Please set down only the lines below starting with the line with "མཆོད་པས་མཆོད། ཛཿ ཧཱུཾ་བཾ་ཧོཿ" and going on through the line with "ན་མ་སརྦ་ཏ་ཐཱ་ག", verbatim and without pictures.

++++++++++

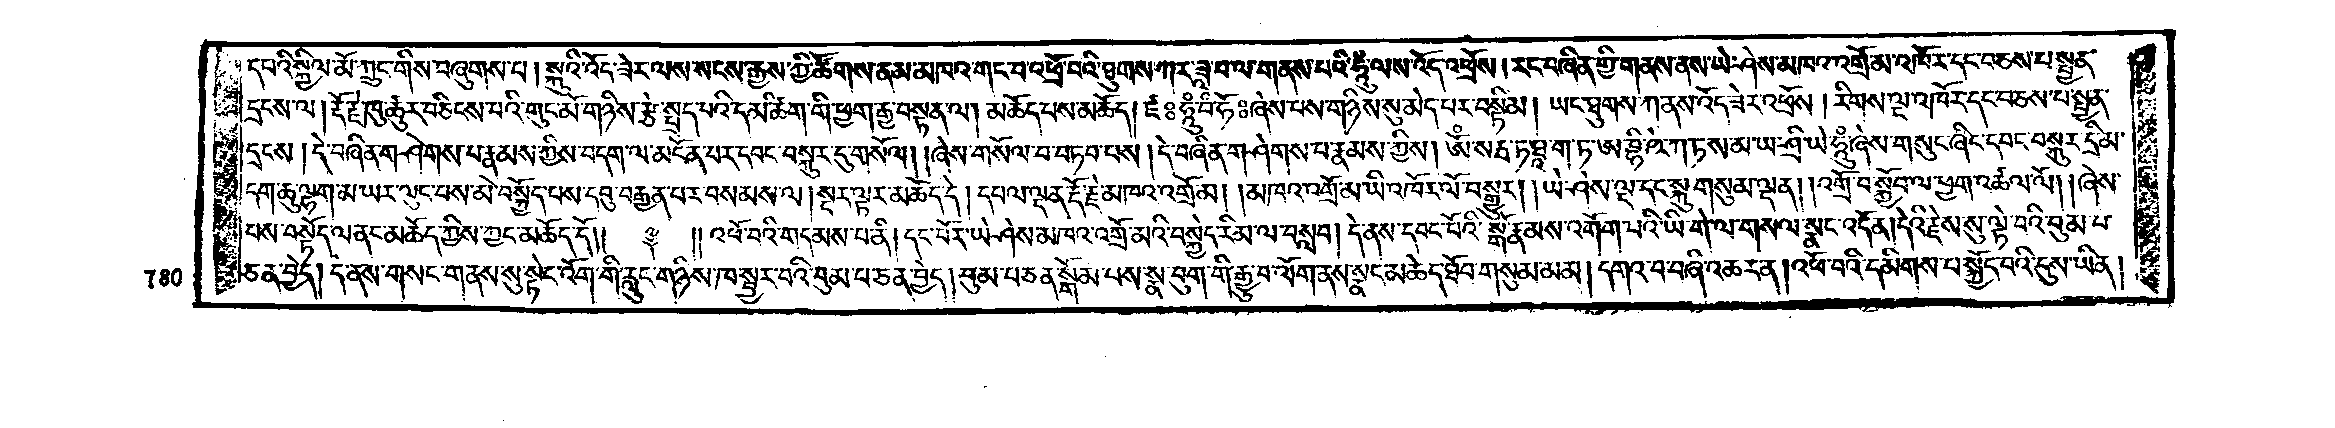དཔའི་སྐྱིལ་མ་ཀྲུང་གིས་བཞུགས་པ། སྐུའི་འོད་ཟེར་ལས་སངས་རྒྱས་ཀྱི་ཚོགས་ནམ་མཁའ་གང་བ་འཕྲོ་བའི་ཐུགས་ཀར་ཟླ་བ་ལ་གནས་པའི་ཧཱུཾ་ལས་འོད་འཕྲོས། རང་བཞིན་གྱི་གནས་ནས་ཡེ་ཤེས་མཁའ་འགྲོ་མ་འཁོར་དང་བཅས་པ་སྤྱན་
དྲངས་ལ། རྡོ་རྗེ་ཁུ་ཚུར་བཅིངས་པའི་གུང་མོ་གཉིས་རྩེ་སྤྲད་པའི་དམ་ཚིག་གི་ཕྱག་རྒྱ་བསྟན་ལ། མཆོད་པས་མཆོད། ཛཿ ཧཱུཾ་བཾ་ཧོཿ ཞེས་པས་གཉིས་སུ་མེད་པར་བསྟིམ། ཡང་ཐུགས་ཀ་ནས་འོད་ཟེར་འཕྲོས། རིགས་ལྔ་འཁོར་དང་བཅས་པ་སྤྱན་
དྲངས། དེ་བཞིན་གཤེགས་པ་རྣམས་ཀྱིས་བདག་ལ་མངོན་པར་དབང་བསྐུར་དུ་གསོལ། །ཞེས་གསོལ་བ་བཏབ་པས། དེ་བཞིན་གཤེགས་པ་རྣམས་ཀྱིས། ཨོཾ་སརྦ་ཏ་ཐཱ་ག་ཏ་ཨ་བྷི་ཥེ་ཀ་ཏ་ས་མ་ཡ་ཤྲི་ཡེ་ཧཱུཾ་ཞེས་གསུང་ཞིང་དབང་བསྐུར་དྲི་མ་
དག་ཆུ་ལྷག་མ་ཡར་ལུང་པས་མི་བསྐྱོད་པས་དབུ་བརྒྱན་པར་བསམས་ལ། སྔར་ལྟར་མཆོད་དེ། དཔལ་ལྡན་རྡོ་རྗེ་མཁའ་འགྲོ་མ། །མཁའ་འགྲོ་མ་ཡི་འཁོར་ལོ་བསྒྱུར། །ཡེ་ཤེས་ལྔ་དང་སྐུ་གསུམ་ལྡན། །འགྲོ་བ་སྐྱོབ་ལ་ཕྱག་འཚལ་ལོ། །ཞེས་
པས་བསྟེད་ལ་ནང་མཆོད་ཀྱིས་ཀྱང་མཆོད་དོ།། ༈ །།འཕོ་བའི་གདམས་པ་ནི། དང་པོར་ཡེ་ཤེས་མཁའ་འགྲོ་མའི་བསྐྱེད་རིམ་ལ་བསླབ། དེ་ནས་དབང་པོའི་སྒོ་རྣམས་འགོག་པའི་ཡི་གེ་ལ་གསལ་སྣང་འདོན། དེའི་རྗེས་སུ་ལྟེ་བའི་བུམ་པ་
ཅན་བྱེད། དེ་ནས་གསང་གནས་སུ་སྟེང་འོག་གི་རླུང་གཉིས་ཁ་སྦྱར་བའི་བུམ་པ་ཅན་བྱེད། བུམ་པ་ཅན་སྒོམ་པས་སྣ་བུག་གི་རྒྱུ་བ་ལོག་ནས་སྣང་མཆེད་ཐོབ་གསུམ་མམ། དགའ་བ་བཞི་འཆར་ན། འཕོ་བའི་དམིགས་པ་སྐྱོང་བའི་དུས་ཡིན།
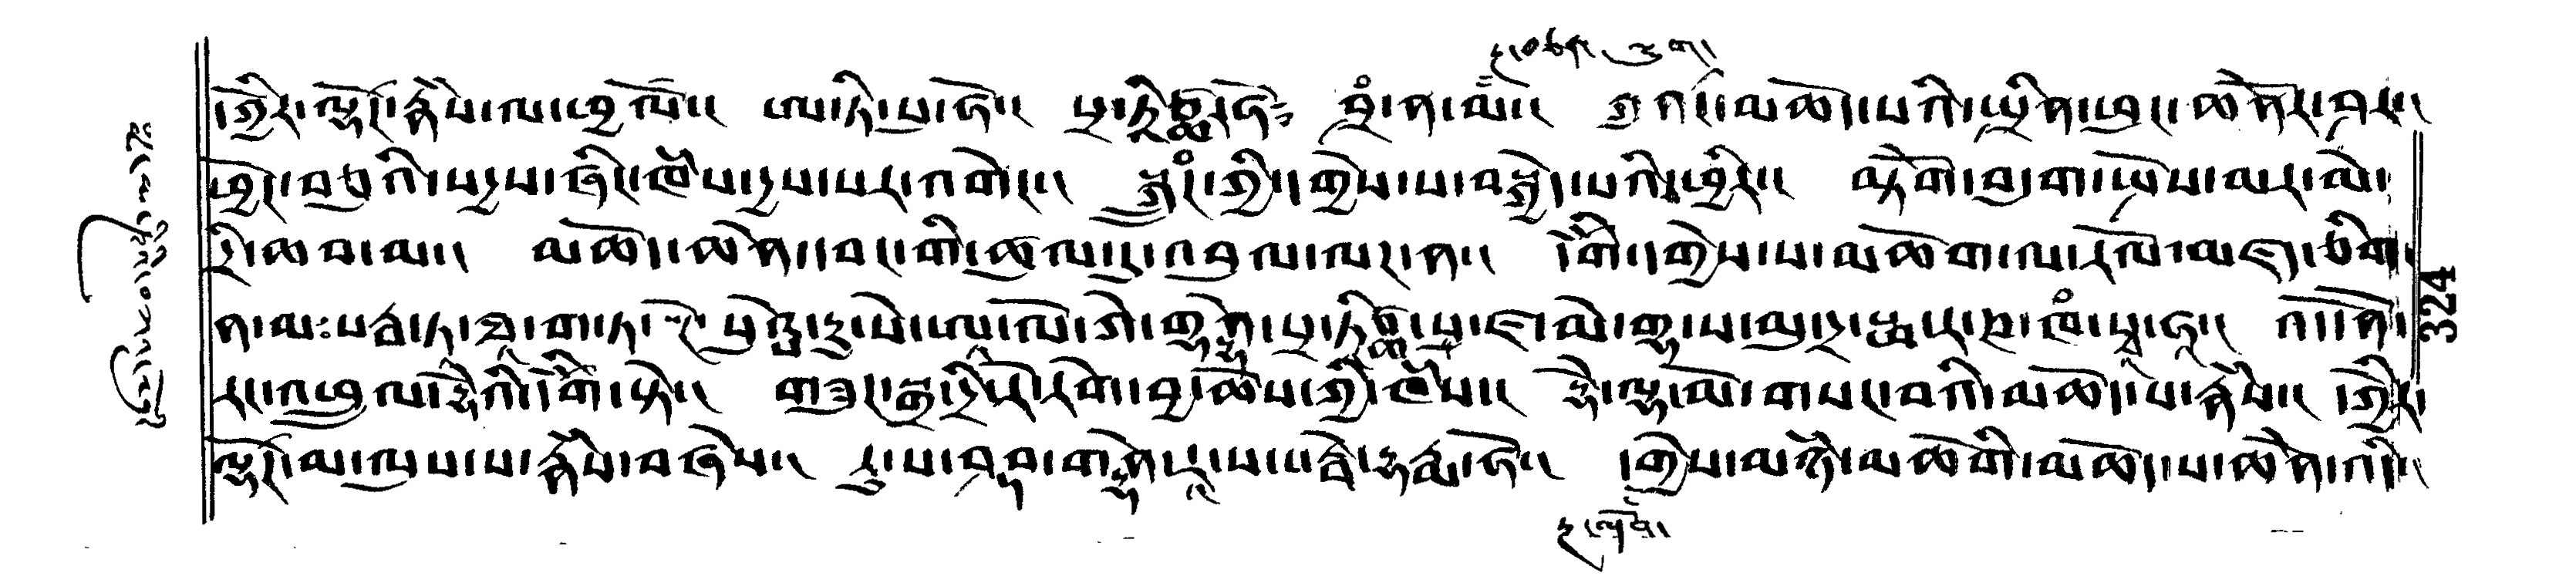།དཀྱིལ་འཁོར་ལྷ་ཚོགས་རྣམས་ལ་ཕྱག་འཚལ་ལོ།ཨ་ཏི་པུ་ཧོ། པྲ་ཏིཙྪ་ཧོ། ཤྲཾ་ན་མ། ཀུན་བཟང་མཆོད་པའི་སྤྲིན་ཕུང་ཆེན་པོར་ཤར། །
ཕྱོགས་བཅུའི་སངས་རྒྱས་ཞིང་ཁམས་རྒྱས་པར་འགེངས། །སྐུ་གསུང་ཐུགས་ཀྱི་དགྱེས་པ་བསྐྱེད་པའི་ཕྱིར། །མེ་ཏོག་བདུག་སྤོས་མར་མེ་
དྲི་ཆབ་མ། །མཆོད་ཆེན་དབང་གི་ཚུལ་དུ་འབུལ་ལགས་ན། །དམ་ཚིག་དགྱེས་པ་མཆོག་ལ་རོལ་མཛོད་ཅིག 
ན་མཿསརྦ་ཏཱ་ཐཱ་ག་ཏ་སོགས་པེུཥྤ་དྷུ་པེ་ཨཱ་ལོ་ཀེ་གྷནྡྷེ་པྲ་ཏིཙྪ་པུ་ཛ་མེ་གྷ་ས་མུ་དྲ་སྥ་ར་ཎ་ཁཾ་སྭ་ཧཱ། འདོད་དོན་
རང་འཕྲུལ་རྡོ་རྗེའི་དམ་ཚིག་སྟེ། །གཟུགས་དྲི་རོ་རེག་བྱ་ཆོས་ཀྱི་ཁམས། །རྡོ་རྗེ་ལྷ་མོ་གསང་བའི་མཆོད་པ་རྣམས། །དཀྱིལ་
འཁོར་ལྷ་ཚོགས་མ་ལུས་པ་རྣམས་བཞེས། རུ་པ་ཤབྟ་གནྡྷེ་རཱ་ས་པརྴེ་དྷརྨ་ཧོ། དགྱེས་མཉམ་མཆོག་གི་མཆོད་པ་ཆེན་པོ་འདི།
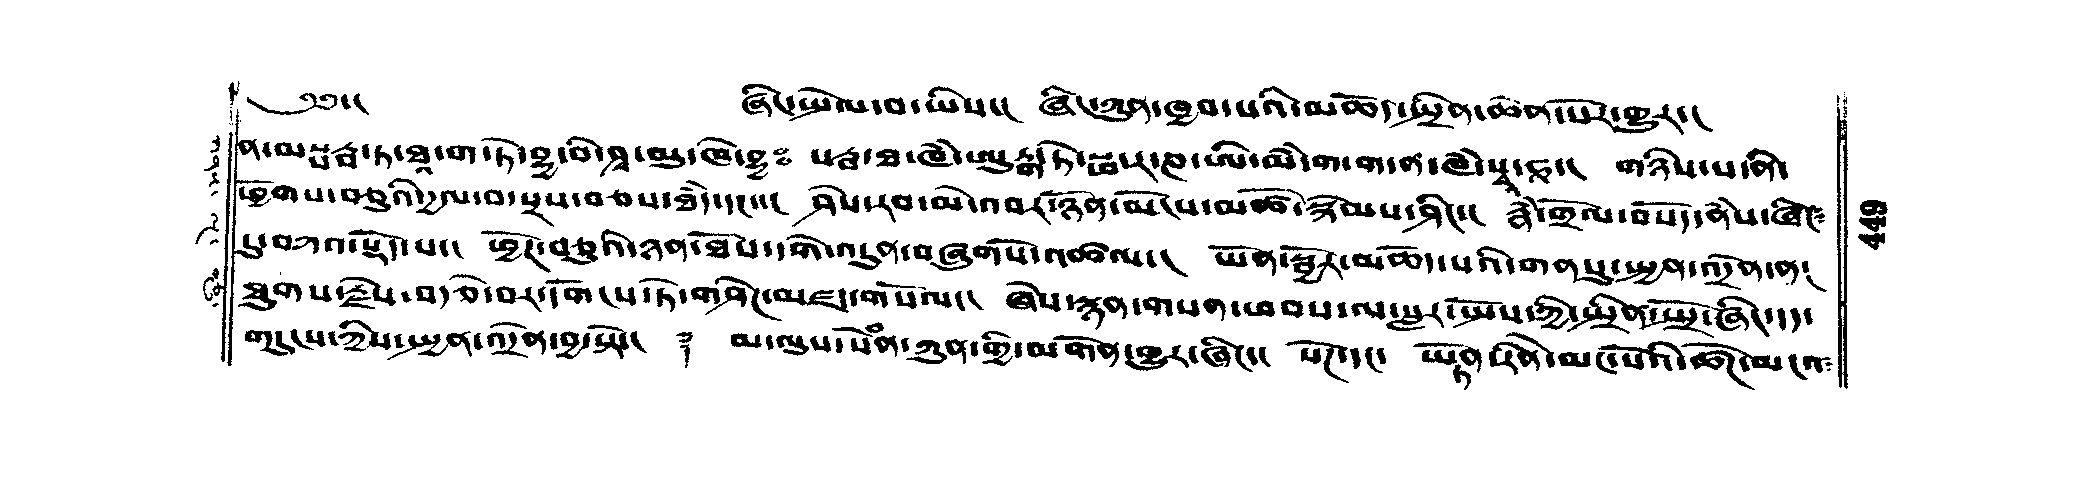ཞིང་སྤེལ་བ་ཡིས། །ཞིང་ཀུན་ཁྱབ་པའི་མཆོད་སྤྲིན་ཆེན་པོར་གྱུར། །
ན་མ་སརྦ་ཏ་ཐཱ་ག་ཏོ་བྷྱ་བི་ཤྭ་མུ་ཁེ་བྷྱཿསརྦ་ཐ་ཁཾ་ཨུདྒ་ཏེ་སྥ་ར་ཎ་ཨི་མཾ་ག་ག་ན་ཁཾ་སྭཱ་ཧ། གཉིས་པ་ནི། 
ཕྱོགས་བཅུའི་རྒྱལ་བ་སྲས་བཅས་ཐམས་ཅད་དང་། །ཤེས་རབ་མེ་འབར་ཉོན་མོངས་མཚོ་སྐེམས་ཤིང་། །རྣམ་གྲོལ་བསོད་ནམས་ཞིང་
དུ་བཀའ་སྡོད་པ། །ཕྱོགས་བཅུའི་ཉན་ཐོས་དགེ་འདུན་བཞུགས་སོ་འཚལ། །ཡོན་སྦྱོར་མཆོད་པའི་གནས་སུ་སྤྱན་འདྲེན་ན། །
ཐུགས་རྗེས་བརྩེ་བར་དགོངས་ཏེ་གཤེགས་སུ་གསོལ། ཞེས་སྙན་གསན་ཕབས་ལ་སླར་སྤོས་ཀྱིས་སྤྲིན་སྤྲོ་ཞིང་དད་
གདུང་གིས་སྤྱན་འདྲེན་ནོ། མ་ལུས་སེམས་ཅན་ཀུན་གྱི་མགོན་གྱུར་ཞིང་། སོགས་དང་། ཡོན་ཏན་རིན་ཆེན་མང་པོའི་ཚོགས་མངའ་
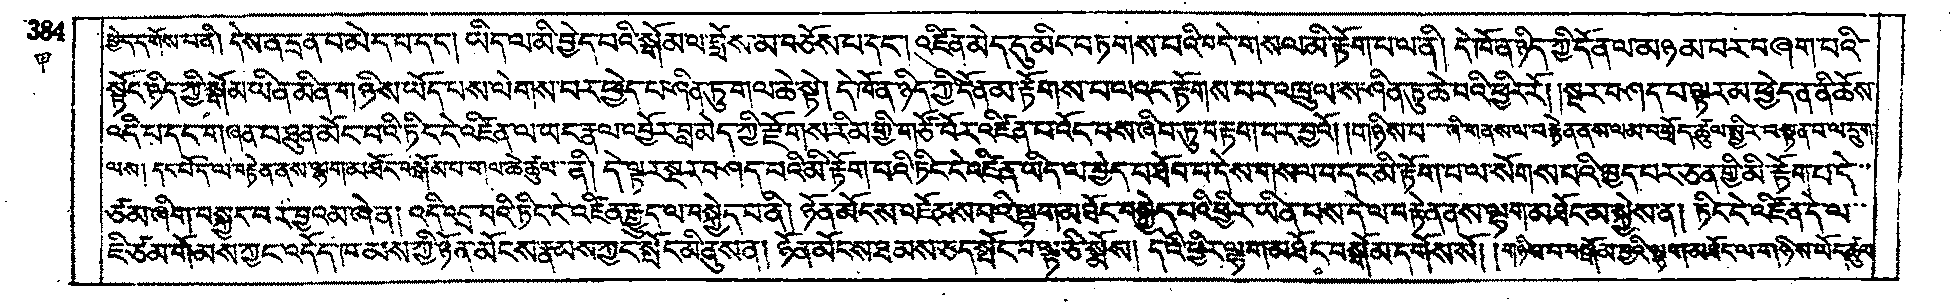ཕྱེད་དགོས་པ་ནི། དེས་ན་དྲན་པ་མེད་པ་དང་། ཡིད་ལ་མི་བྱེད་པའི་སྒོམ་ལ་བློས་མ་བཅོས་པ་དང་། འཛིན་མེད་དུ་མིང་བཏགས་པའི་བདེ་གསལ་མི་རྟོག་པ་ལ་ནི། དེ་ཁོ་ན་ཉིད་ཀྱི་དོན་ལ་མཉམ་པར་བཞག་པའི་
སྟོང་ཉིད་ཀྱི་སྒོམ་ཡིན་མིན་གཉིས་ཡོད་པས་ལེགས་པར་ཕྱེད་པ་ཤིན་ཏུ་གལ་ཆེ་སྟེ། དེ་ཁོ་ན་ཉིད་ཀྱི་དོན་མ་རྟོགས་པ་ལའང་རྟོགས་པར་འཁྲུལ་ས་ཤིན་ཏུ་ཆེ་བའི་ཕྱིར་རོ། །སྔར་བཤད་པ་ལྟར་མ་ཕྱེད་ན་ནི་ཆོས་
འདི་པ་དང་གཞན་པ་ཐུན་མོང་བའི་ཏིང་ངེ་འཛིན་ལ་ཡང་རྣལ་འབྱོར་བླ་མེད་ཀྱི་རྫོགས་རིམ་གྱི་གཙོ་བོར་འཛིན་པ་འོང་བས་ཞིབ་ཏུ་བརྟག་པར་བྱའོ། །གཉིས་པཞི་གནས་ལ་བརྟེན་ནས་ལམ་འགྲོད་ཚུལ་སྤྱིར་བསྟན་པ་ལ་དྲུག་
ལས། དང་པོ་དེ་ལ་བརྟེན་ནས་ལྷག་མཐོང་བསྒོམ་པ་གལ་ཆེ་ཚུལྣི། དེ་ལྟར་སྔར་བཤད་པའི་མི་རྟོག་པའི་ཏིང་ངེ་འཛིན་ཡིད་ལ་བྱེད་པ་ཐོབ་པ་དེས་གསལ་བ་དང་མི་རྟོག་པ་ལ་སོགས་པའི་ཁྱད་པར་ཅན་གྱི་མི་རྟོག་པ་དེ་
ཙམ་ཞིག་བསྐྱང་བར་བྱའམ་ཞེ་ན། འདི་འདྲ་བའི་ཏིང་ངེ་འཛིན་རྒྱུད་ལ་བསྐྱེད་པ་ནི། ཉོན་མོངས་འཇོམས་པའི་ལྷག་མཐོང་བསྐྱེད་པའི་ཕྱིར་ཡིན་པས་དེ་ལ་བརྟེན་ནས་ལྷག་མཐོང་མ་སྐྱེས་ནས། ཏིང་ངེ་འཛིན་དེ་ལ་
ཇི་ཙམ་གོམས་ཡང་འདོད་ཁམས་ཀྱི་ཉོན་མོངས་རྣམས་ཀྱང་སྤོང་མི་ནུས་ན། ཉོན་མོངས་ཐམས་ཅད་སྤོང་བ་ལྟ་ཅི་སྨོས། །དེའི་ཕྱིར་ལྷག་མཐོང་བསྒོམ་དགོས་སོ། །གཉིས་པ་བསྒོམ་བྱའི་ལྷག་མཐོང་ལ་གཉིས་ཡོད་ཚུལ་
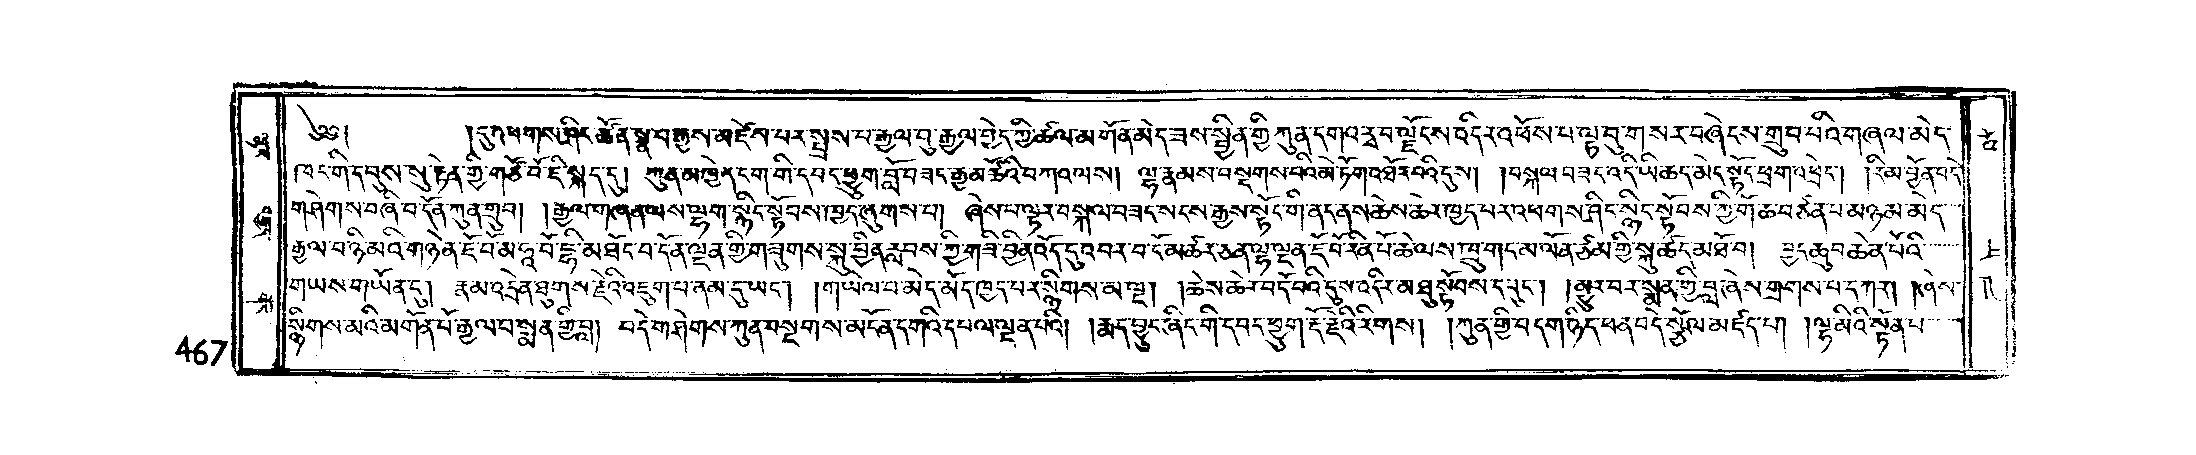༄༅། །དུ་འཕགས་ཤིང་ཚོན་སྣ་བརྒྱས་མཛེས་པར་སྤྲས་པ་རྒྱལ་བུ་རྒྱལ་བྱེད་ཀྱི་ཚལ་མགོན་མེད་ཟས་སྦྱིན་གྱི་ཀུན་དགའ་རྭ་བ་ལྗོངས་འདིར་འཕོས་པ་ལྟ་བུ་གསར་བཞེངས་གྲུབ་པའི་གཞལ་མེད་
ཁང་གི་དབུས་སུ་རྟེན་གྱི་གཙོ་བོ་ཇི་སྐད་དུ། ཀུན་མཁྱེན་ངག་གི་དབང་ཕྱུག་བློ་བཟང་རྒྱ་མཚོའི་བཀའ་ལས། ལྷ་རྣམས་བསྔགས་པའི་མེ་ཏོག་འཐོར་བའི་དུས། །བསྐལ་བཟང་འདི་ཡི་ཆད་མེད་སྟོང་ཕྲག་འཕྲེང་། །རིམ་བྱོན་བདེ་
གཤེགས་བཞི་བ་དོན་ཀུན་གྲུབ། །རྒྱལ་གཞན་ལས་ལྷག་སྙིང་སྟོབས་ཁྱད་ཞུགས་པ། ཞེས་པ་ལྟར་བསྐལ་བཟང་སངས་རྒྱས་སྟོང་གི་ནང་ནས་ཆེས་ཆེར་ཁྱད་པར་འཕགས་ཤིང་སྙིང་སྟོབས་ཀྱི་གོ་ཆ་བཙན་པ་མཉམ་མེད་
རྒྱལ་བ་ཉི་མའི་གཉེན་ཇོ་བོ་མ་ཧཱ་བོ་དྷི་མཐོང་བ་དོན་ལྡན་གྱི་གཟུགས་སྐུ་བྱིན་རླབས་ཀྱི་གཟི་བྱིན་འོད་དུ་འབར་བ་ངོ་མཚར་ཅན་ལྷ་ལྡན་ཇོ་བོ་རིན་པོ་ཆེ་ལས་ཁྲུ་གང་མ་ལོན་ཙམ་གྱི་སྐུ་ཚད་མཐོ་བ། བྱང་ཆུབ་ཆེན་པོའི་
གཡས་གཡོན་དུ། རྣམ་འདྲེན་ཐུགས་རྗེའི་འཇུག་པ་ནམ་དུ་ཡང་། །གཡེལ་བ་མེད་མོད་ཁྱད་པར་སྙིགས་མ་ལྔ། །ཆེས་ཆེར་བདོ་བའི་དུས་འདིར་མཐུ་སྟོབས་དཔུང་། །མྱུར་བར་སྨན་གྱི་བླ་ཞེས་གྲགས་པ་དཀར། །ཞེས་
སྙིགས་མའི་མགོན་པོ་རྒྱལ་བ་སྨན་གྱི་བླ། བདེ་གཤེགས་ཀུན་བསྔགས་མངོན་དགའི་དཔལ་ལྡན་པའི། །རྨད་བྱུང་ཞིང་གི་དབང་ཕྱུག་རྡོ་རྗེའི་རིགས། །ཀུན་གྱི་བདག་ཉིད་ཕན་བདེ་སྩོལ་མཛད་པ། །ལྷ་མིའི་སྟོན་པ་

++++++++++

▸ Solution
དྲངས་ལ། རྡོ་རྗེ་ཁུ་ཚུར་བཅིངས་པའི་གུང་མོ་གཉིས་རྩེ་སྤྲད་པའི་དམ་ཚིག་གི་ཕྱག་རྒྱ་བསྟན་ལ། མཆོད་པས་མཆོད། ཛཿ ཧཱུཾ་བཾ་ཧོཿ ཞེས་པས་གཉིས་སུ་མེད་པར་བསྟིམ། ཡང་ཐུགས་ཀ་ནས་འོད་ཟེར་འཕྲོས། རིགས་ལྔ་འཁོར་དང་བཅས་པ་སྤྱན་
དྲངས། དེ་བཞིན་གཤེགས་པ་རྣམས་ཀྱིས་བདག་ལ་མངོན་པར་དབང་བསྐུར་དུ་གསོལ། །ཞེས་གསོལ་བ་བཏབ་པས། དེ་བཞིན་གཤེགས་པ་རྣམས་ཀྱིས། ཨོཾ་སརྦ་ཏ་ཐཱ་ག་ཏ་ཨ་བྷི་ཥེ་ཀ་ཏ་ས་མ་ཡ་ཤྲི་ཡེ་ཧཱུཾ་ཞེས་གསུང་ཞིང་དབང་བསྐུར་དྲི་མ་
དག་ཆུ་ལྷག་མ་ཡར་ལུང་པས་མི་བསྐྱོད་པས་དབུ་བརྒྱན་པར་བསམས་ལ། སྔར་ལྟར་མཆོད་དེ། དཔལ་ལྡན་རྡོ་རྗེ་མཁའ་འགྲོ་མ། །མཁའ་འགྲོ་མ་ཡི་འཁོར་ལོ་བསྒྱུར། །ཡེ་ཤེས་ལྔ་དང་སྐུ་གསུམ་ལྡན། །འགྲོ་བ་སྐྱོབ་ལ་ཕྱག་འཚལ་ལོ། །ཞེས་
པས་བསྟེད་ལ་ནང་མཆོད་ཀྱིས་ཀྱང་མཆོད་དོ།། ༈ །།འཕོ་བའི་གདམས་པ་ནི། དང་པོར་ཡེ་ཤེས་མཁའ་འགྲོ་མའི་བསྐྱེད་རིམ་ལ་བསླབ། དེ་ནས་དབང་པོའི་སྒོ་རྣམས་འགོག་པའི་ཡི་གེ་ལ་གསལ་སྣང་འདོན། དེའི་རྗེས་སུ་ལྟེ་བའི་བུམ་པ་
ཅན་བྱེད། དེ་ནས་གསང་གནས་སུ་སྟེང་འོག་གི་རླུང་གཉིས་ཁ་སྦྱར་བའི་བུམ་པ་ཅན་བྱེད། བུམ་པ་ཅན་སྒོམ་པས་སྣ་བུག་གི་རྒྱུ་བ་ལོག་ནས་སྣང་མཆེད་ཐོབ་གསུམ་མམ། དགའ་བ་བཞི་འཆར་ན། འཕོ་བའི་དམིགས་པ་སྐྱོང་བའི་དུས་ཡིན།
།དཀྱིལ་འཁོར་ལྷ་ཚོགས་རྣམས་ལ་ཕྱག་འཚལ་ལོ།ཨ་ཏི་པུ་ཧོ། པྲ་ཏིཙྪ་ཧོ། ཤྲཾ་ན་མ། ཀུན་བཟང་མཆོད་པའི་སྤྲིན་ཕུང་ཆེན་པོར་ཤར། །
ཕྱོགས་བཅུའི་སངས་རྒྱས་ཞིང་ཁམས་རྒྱས་པར་འགེངས། །སྐུ་གསུང་ཐུགས་ཀྱི་དགྱེས་པ་བསྐྱེད་པའི་ཕྱིར། །མེ་ཏོག་བདུག་སྤོས་མར་མེ་
དྲི་ཆབ་མ། །མཆོད་ཆེན་དབང་གི་ཚུལ་དུ་འབུལ་ལགས་ན། །དམ་ཚིག་དགྱེས་པ་མཆོག་ལ་རོལ་མཛོད་ཅིག 
ན་མཿསརྦ་ཏཱ་ཐཱ་ག་ཏ་སོགས་པེུཥྤ་དྷུ་པེ་ཨཱ་ལོ་ཀེ་གྷནྡྷེ་པྲ་ཏིཙྪ་པུ་ཛ་མེ་གྷ་ས་མུ་དྲ་སྥ་ར་ཎ་ཁཾ་སྭ་ཧཱ། འདོད་དོན་
རང་འཕྲུལ་རྡོ་རྗེའི་དམ་ཚིག་སྟེ། །གཟུགས་དྲི་རོ་རེག་བྱ་ཆོས་ཀྱི་ཁམས། །རྡོ་རྗེ་ལྷ་མོ་གསང་བའི་མཆོད་པ་རྣམས། །དཀྱིལ་
འཁོར་ལྷ་ཚོགས་མ་ལུས་པ་རྣམས་བཞེས། རུ་པ་ཤབྟ་གནྡྷེ་རཱ་ས་པརྴེ་དྷརྨ་ཧོ། དགྱེས་མཉམ་མཆོག་གི་མཆོད་པ་ཆེན་པོ་འདི།
ཞིང་སྤེལ་བ་ཡིས། །ཞིང་ཀུན་ཁྱབ་པའི་མཆོད་སྤྲིན་ཆེན་པོར་གྱུར། །
ན་མ་སརྦ་ཏ་ཐཱ་ག་ཏོ་བྷྱ་བི་ཤྭ་མུ་ཁེ་བྷྱཿསརྦ་ཐ་ཁཾ་ཨུདྒ་ཏེ་སྥ་ར་ཎ་ཨི་མཾ་ག་ག་ན་ཁཾ་སྭཱ་ཧ། གཉིས་པ་ནི། 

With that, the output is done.